═══ Records for the task

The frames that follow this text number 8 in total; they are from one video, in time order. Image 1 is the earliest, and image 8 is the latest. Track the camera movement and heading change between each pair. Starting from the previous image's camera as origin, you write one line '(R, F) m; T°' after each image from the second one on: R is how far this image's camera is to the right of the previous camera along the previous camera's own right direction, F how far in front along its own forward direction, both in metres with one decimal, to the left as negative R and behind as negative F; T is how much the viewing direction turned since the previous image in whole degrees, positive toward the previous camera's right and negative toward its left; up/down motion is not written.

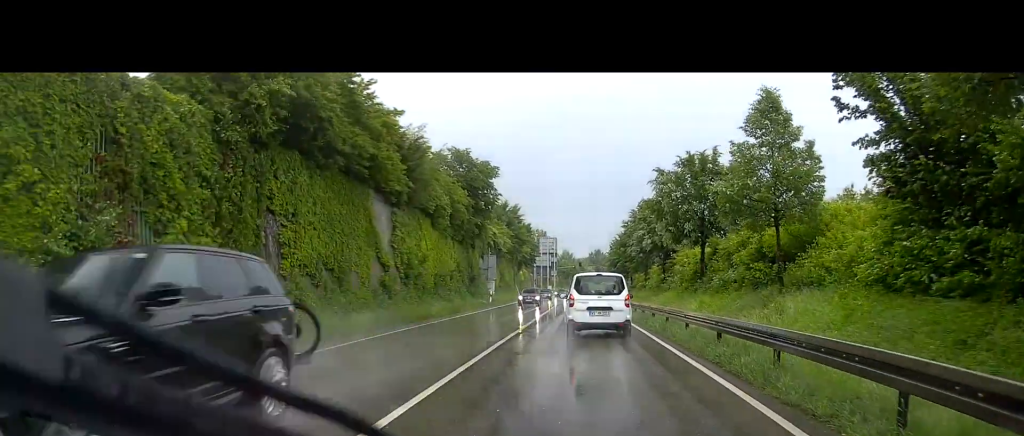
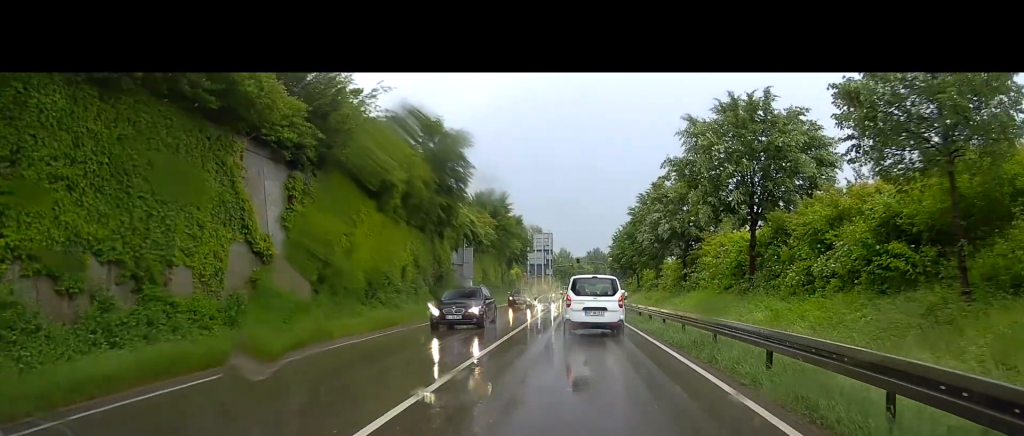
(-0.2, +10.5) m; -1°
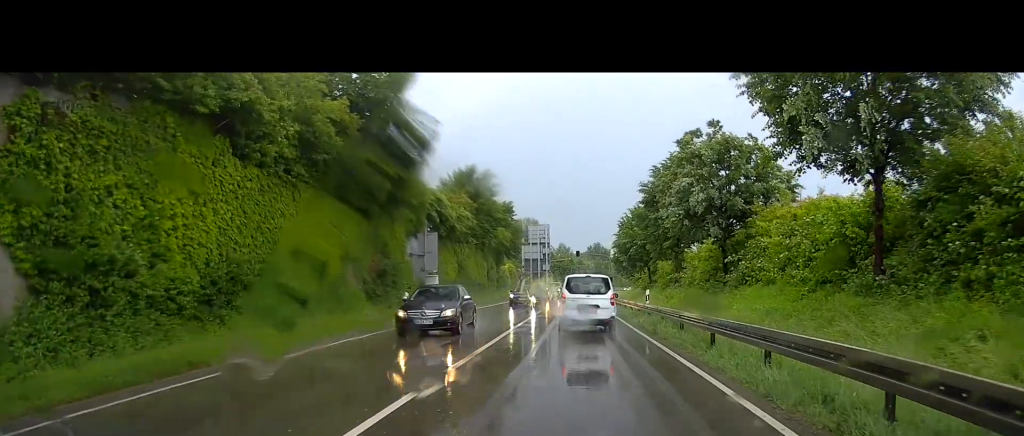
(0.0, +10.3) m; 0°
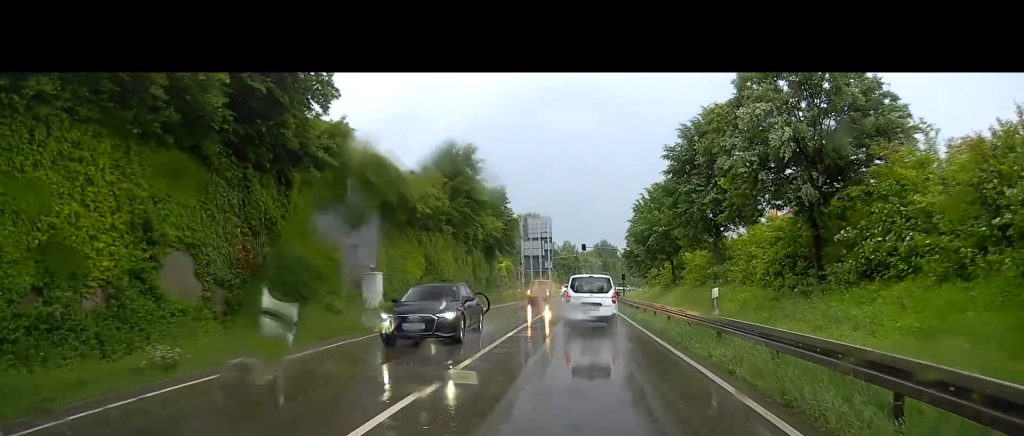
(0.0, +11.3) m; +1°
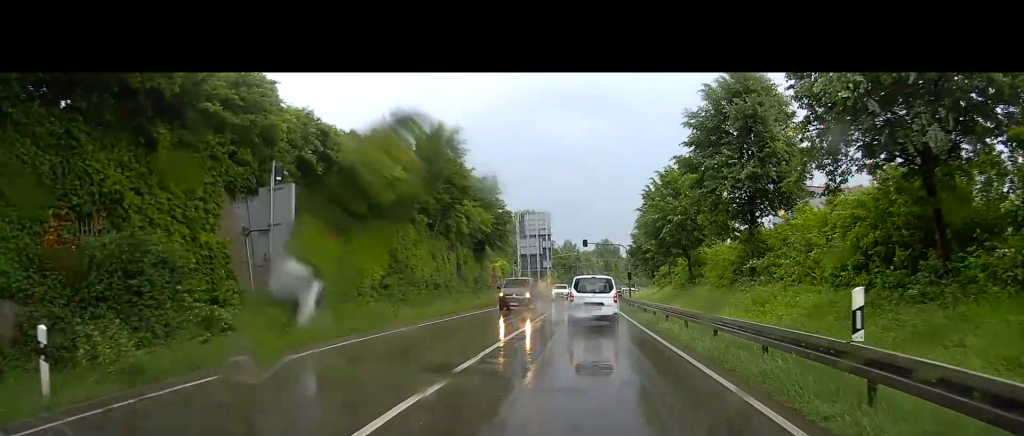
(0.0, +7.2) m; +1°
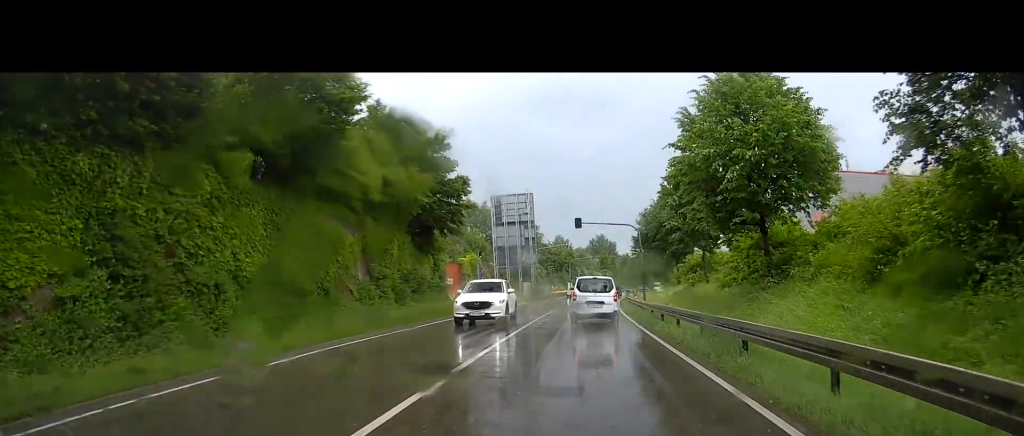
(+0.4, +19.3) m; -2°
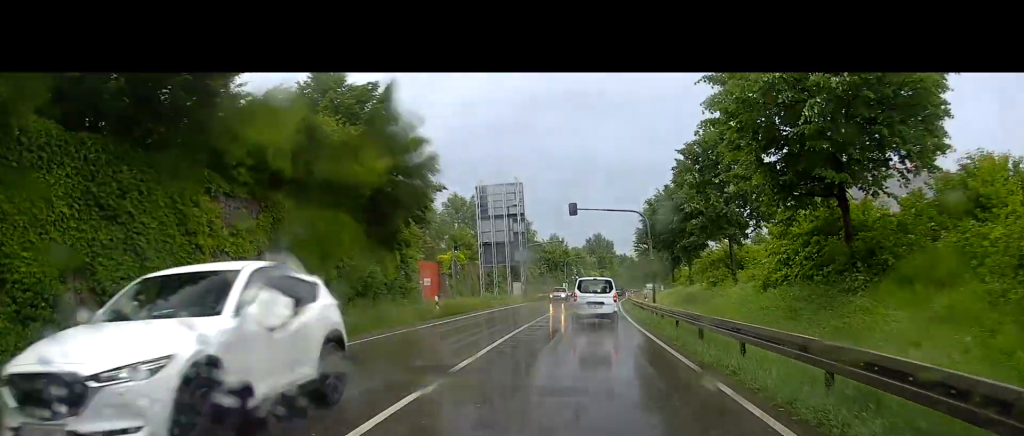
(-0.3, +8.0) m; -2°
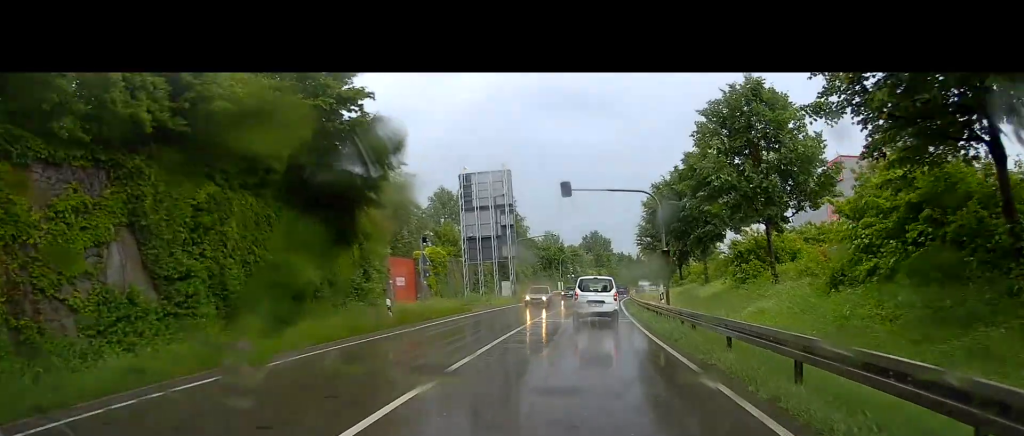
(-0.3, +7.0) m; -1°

══════
═══ Records for the task

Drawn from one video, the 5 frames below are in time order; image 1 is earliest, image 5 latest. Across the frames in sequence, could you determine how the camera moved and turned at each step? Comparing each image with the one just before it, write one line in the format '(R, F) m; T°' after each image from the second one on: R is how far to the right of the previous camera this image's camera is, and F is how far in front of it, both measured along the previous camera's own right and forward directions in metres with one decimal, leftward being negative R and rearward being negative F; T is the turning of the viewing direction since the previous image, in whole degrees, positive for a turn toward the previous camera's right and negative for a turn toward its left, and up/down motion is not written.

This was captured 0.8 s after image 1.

══════

About this exercise :: Restate word for word the lines of the data above, starting at the line containing "Drawn from one" and ending at the line containing "This was captured 0.8 s after image 1.", both included, and nothing more.

Answer below ::
Drawn from one video, the 5 frames below are in time order; image 1 is earliest, image 5 latest. Across the frames in sequence, could you determine how the camera moved and turned at each step? Comparing each image with the one just before it, write one line in the format '(R, F) m; T°' after each image from the second one on: R is how far to the right of the previous camera this image's camera is, and F is how far in front of it, both measured along the previous camera's own right and forward directions in metres with one decimal, leftward being negative R and rearward being negative F; T is the turning of the viewing direction since the previous image, in whole degrees, positive for a turn toward the previous camera's right and negative for a turn toward its left, and up/down motion is not written.

This was captured 0.8 s after image 1.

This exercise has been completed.